** Action item **
Each record must be printed again exactly as given.
=== Given records ===
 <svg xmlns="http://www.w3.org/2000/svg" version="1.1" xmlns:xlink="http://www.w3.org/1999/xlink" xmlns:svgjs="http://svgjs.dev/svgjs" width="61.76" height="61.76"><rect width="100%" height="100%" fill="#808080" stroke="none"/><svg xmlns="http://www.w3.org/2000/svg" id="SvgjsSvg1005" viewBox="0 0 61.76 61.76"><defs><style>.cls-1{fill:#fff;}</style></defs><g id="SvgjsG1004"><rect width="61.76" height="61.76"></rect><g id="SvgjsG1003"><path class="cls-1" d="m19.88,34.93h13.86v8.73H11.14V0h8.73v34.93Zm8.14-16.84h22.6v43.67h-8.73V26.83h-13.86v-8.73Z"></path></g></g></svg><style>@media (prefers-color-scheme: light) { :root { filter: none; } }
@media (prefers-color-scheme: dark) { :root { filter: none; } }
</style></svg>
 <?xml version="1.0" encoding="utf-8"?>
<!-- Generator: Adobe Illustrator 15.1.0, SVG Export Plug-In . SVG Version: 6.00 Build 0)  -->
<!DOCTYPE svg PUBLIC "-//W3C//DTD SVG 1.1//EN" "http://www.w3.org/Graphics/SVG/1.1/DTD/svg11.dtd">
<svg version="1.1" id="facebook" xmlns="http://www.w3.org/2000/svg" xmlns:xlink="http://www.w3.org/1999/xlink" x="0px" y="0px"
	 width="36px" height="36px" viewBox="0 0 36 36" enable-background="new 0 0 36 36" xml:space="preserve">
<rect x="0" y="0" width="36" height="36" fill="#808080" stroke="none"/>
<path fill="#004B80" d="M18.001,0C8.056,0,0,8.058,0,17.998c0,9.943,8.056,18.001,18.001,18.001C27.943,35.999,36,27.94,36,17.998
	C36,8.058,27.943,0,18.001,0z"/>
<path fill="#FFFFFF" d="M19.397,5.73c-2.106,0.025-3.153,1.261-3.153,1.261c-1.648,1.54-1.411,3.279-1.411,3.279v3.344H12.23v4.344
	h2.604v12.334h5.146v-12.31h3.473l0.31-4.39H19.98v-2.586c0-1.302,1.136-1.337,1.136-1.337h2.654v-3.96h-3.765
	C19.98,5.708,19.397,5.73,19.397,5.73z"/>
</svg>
===
** Exercise result **
 <svg xmlns="http://www.w3.org/2000/svg" version="1.1" xmlns:xlink="http://www.w3.org/1999/xlink" xmlns:svgjs="http://svgjs.dev/svgjs" width="61.76" height="61.76"><rect width="100%" height="100%" fill="#808080" stroke="none"/><svg xmlns="http://www.w3.org/2000/svg" id="SvgjsSvg1005" viewBox="0 0 61.76 61.76"><defs><style>.cls-1{fill:#fff;}</style></defs><g id="SvgjsG1004"><rect width="61.76" height="61.76"></rect><g id="SvgjsG1003"><path class="cls-1" d="m19.88,34.93h13.86v8.73H11.14V0h8.73v34.93Zm8.14-16.84h22.6v43.67h-8.73V26.83h-13.86v-8.73Z"></path></g></g></svg><style>@media (prefers-color-scheme: light) { :root { filter: none; } }
@media (prefers-color-scheme: dark) { :root { filter: none; } }
</style></svg>
 <?xml version="1.0" encoding="utf-8"?>
<!-- Generator: Adobe Illustrator 15.1.0, SVG Export Plug-In . SVG Version: 6.00 Build 0)  -->
<!DOCTYPE svg PUBLIC "-//W3C//DTD SVG 1.1//EN" "http://www.w3.org/Graphics/SVG/1.1/DTD/svg11.dtd">
<svg version="1.1" id="facebook" xmlns="http://www.w3.org/2000/svg" xmlns:xlink="http://www.w3.org/1999/xlink" x="0px" y="0px"
	 width="36px" height="36px" viewBox="0 0 36 36" enable-background="new 0 0 36 36" xml:space="preserve">
<rect x="0" y="0" width="36" height="36" fill="#808080" stroke="none"/>
<path fill="#004B80" d="M18.001,0C8.056,0,0,8.058,0,17.998c0,9.943,8.056,18.001,18.001,18.001C27.943,35.999,36,27.94,36,17.998
	C36,8.058,27.943,0,18.001,0z"/>
<path fill="#FFFFFF" d="M19.397,5.73c-2.106,0.025-3.153,1.261-3.153,1.261c-1.648,1.54-1.411,3.279-1.411,3.279v3.344H12.23v4.344
	h2.604v12.334h5.146v-12.31h3.473l0.31-4.39H19.98v-2.586c0-1.302,1.136-1.337,1.136-1.337h2.654v-3.96h-3.765
	C19.98,5.708,19.397,5.73,19.397,5.73z"/>
</svg>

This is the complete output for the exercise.